La extraña escuela postdana: “Hemos perdido mucho, no podemos perder también el curso”
Las semanas sin clase han desbaratado la programación educativa de los colegios afectados por el temporal, a lo que se suma un regreso precario, con hasta 50 alumnos por clase
En la clase del colegio Jaume I de Catarroja hay 50 niños, casi todos de 10 años. El profesor levanta la mano y dice: “Ahora hablaremos de los movimientos involuntarios, como el latido del corazón”. Los chavales más cercanos a la pizarra están escuchando. Cuanto más alejadas están las filas, sin embargo, más despistados parecen. “Hay cuatro que están atentos.

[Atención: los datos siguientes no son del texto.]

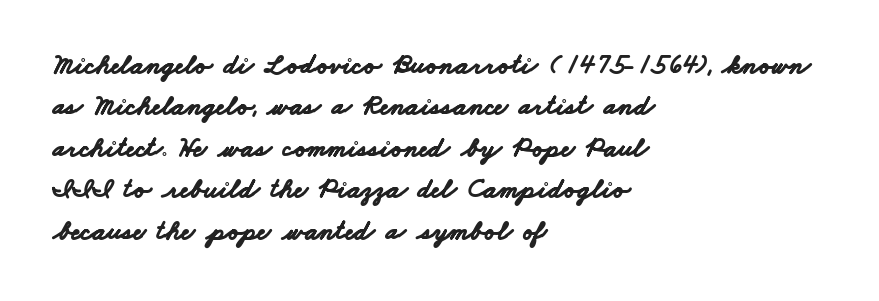
{"serif": "no", "bold": "yes", "weight": "bold", "width": "wide", "stroke_contrast": "low", "x_height": "small", "monospaced": "no", "underline": "no", "align": "left", "line_spacing": "normal", "line_spacing_ratio": 1.48, "letter_spacing": "normal", "letter_spacing_em": 0.0, "glyph_px": 28}
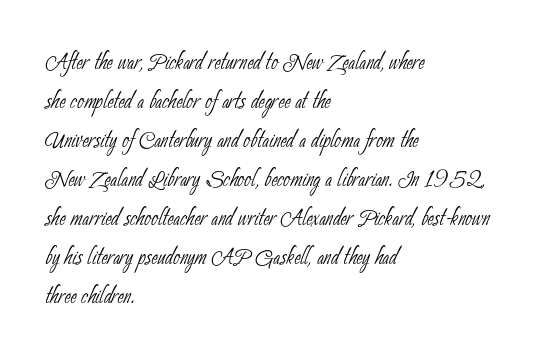
Q: Is the text bold? A: No.
Q: Is the typeface a serif or a sans-serif typeface? A: Sans-serif.
Q: Is the text underlined? A: No.
Q: How is the paragraph aligned? A: Left-aligned.
Q: Is the spacing between letters normal or unusually wide? A: Normal.
Q: Is the spacing between lines tight, normal or loose? A: Normal.
Q: Width (condensed, normal, or wide)? A: Condensed.
Q: Stroke contrast? A: Low.
Q: x-height? A: Small.
Q: Monospaced? A: No.
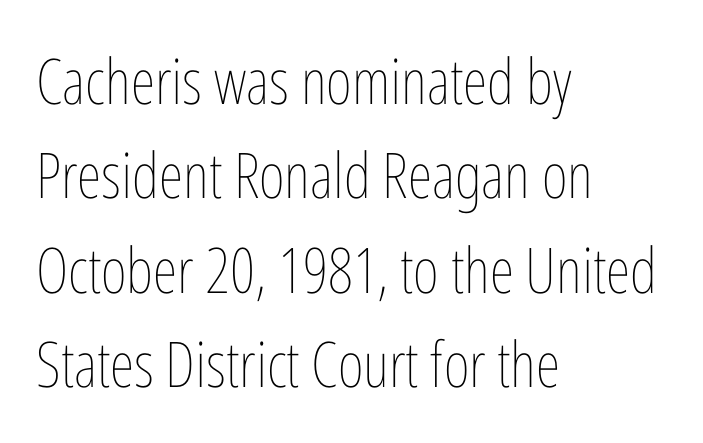
Every stem runs plumb, perpendicular to the baseline. Character widths vary here, with narrow letters taking less room than wide ones. How are the letters spaced? Ordinarily, with no added tracking. The letters look calm and open, with moderate or lighter stems. Line starts are locked; line ends wander. The glyphs are unaccompanied by any horizontal stroke below them.
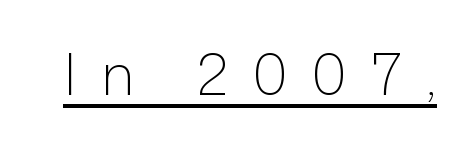
The image shows 57 px light sans-serif type, upright; set unusually wide letter spacing (+0.43 em), underlined; low stroke contrast and a medium x-height.
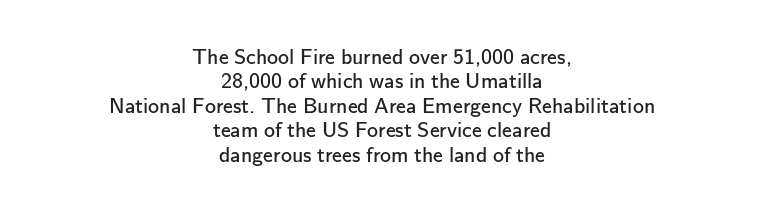
Q: Is the text bold? A: No.
Q: Is the text italic (slanted)? A: No, it is upright.
Q: Is the text underlined? A: No.
Q: How is the paragraph aligned? A: Centered.
Q: Is the spacing between letters normal or unusually wide? A: Normal.
Q: Is the spacing between lines tight, normal or loose? A: Tight.
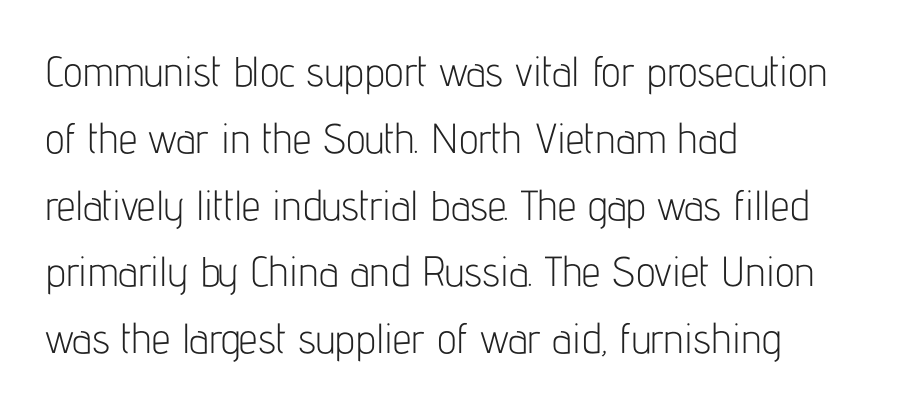
The image shows 42 px light, condensed sans-serif type, upright; set left-aligned, normal line spacing (1.59x), normal letter spacing, not underlined; low stroke contrast and a medium x-height.
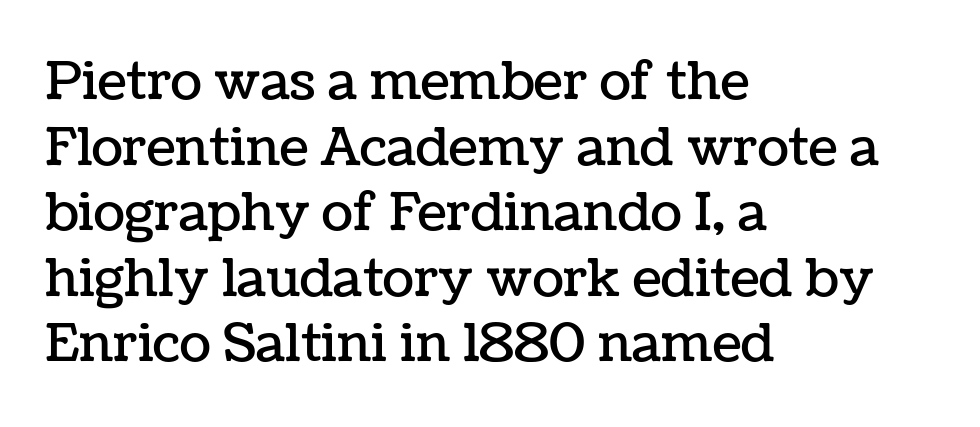
Q: Is the text italic (slanted)? A: No, it is upright.
Q: Is the text underlined? A: No.
Q: How is the paragraph aligned? A: Left-aligned.
Q: Is the spacing between letters normal or unusually wide? A: Normal.
Q: Is the spacing between lines tight, normal or loose? A: Normal.
Q: Width (condensed, normal, or wide)? A: Normal.
Q: Stroke contrast? A: Low.
Q: x-height? A: Medium.
Q: Monospaced? A: No.
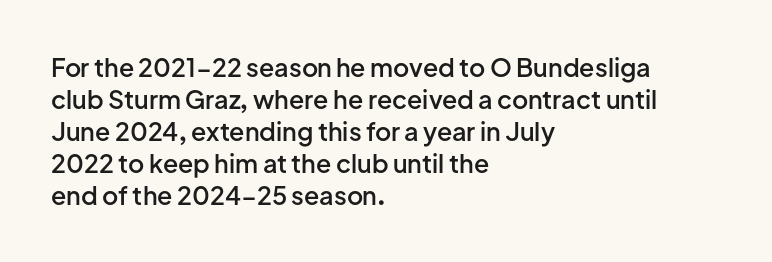
Tracking value appears to be zero — textbook default spacing. Weight check: semibold — heavier than regular, not quite bold. Line starts are locked; line ends wander. How would I describe the line gaps? Plain and ordinary. The gap between lines stays unmarked. Posture: straight, roman, zero tilt.

Los demás van hablando, flojito, pero no se enteran. Yo doy aquí clase de lengua y es superfrustrante”, comenta la directora Silvia Ferriol. Más de mes y medio después de la dana, todos los niños de los pueblos afectados por la dana han v...
En la clase del colegio Jaume I de Catarroja hay 50 niños, casi todos de 10 años. El profesor levanta la mano y dice: “Ahora hablaremos de los movimientos involuntarios, como el latido del corazón”. Los chavales más cercanos a la pizarra están escuchando. Cuanto más alejadas están las filas, sin embargo, más despistados parecen. “Hay cuatro que están atentos. Los demás van hablando, flojito, pero no se enteran. Yo doy aquí clase de lengua y es superfrustrante”, comenta la directora Silvia Ferriol. Más de mes y medio después de la dana, todos los niños de los pueblos afectados por la dana han vuelto a la escuela ―aunque faltan los de varios institutos―. Pero se trata de un regreso con muchos elementos extraños.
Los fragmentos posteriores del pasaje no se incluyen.